É também Lorena quem atenta para a herança que Lia traz do pai, revelada por sua força e vigor germânicos, e “andejo capaz de fome, inverno e tortura com travessia em rio coalhado de jacaré” (TELLES, 1998, p. 59). Da mãe baiana, notam-se tanto as “proporções gloriosas” e a “cabeleira de sol negro desferindo os raios por todos os lados”, que fivela nenhuma consegue prender, quanto o “açúcar da voz quando está nostálgica” (TELLES, 1998, p. 59).

LIA DE MELO SCHULTZ serve como contraponto à "finesse" de Lorena: veste-se mal, usa alpargatas, não gosta muito de banho, não cuida da aparência.

Veio da Bahia para fugir da mãe super protetora e do pai com um passado misterioso de ex-oficial nazista.

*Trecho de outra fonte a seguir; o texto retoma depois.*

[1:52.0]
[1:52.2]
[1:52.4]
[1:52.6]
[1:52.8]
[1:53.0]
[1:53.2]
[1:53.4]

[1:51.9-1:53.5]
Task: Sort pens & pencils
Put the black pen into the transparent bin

Matricula-se no curso de Ciências Sociais (foco de agitações estudantis na década de 60), onde se envolve com um grupo militante da esquerda e apaixona-se por Miguel, que acaba preso e que, junto dele e de mais um grupo de amigos, ela luta pela liberdade em um cenário político nada propício para tal.

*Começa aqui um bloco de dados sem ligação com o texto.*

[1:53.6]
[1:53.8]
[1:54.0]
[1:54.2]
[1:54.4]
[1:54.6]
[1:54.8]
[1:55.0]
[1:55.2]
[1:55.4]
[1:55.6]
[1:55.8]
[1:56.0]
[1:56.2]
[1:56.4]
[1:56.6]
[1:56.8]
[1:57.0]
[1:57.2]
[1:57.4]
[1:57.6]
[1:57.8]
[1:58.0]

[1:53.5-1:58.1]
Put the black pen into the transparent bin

Pela voz de Lia, é possível enxergar a crítica de Lygia Fagundes Telles com relação aos horrores da ditadura e à repressão que ela impunha, visto que a personagem vivencia o medo constante das autoridades, mas, mesmo assim, acredita em sua causa e em dias melhores, não deixando, portanto, de lutar.

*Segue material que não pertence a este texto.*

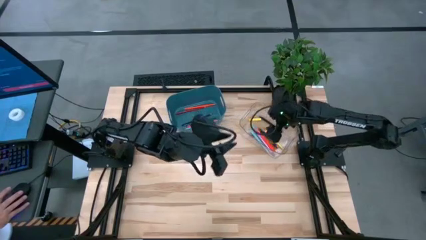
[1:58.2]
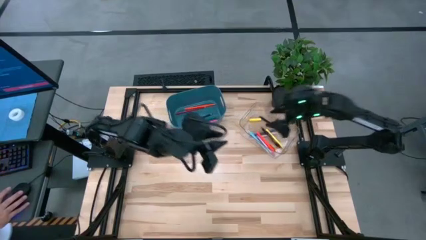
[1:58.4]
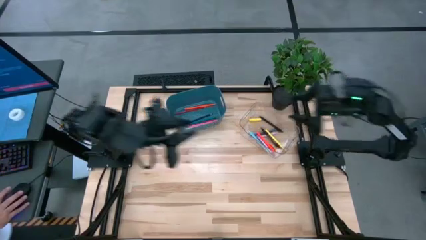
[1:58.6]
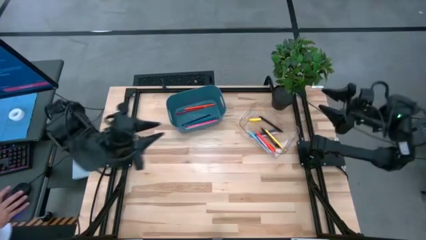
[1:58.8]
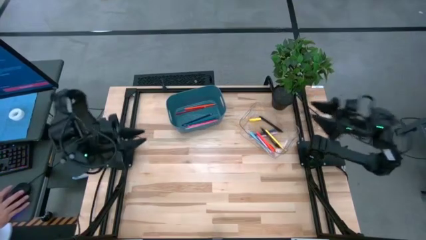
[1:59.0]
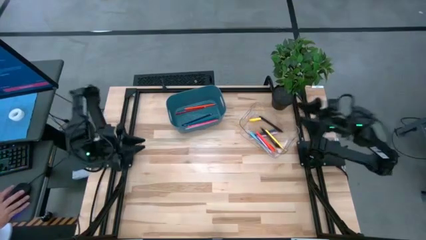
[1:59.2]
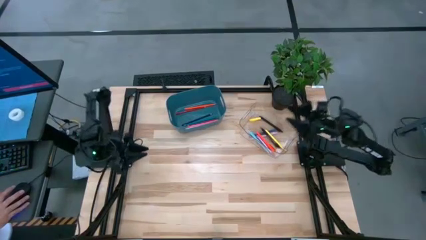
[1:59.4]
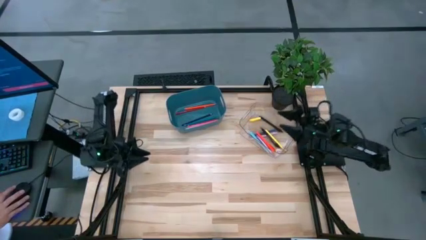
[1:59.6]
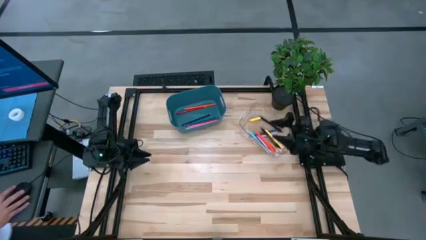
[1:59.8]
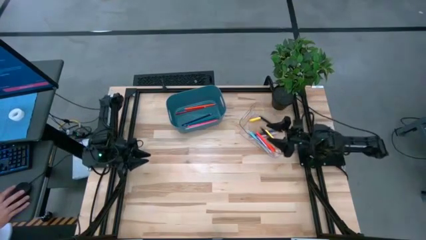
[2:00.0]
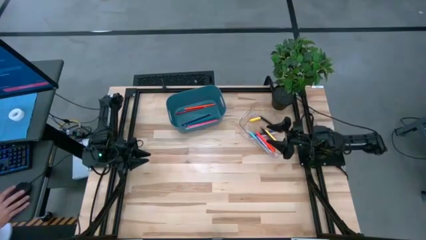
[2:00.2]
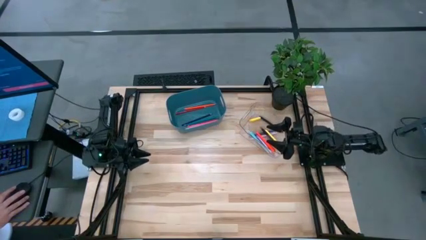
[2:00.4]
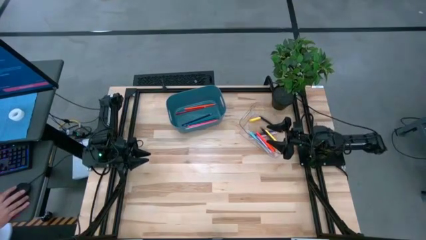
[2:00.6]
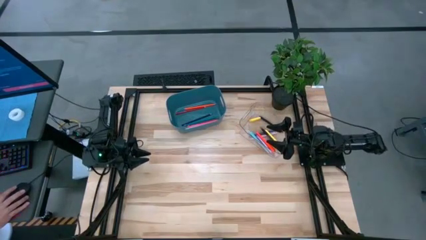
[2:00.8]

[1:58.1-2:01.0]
Return to Home Position

Interessa comentar, ainda, que Lia mostra-se desinteressada de qualquer cuidado com a aparência e com nenhuma vaidade. Novamente, é Lorena quem fala da amiga: “quando levantou o braço (usava uma camiseta sem mangas) me levantei e fui correndo buscar a gilete, pelo amor de Deus, Lião, passa a gilete nessa axila! Ela obedeceu e fez sua distinção: ‘Axila é quando está raspado, entende. Sovaco é quando não se raspou’ [...]” (TELLES, 1998, p. 278).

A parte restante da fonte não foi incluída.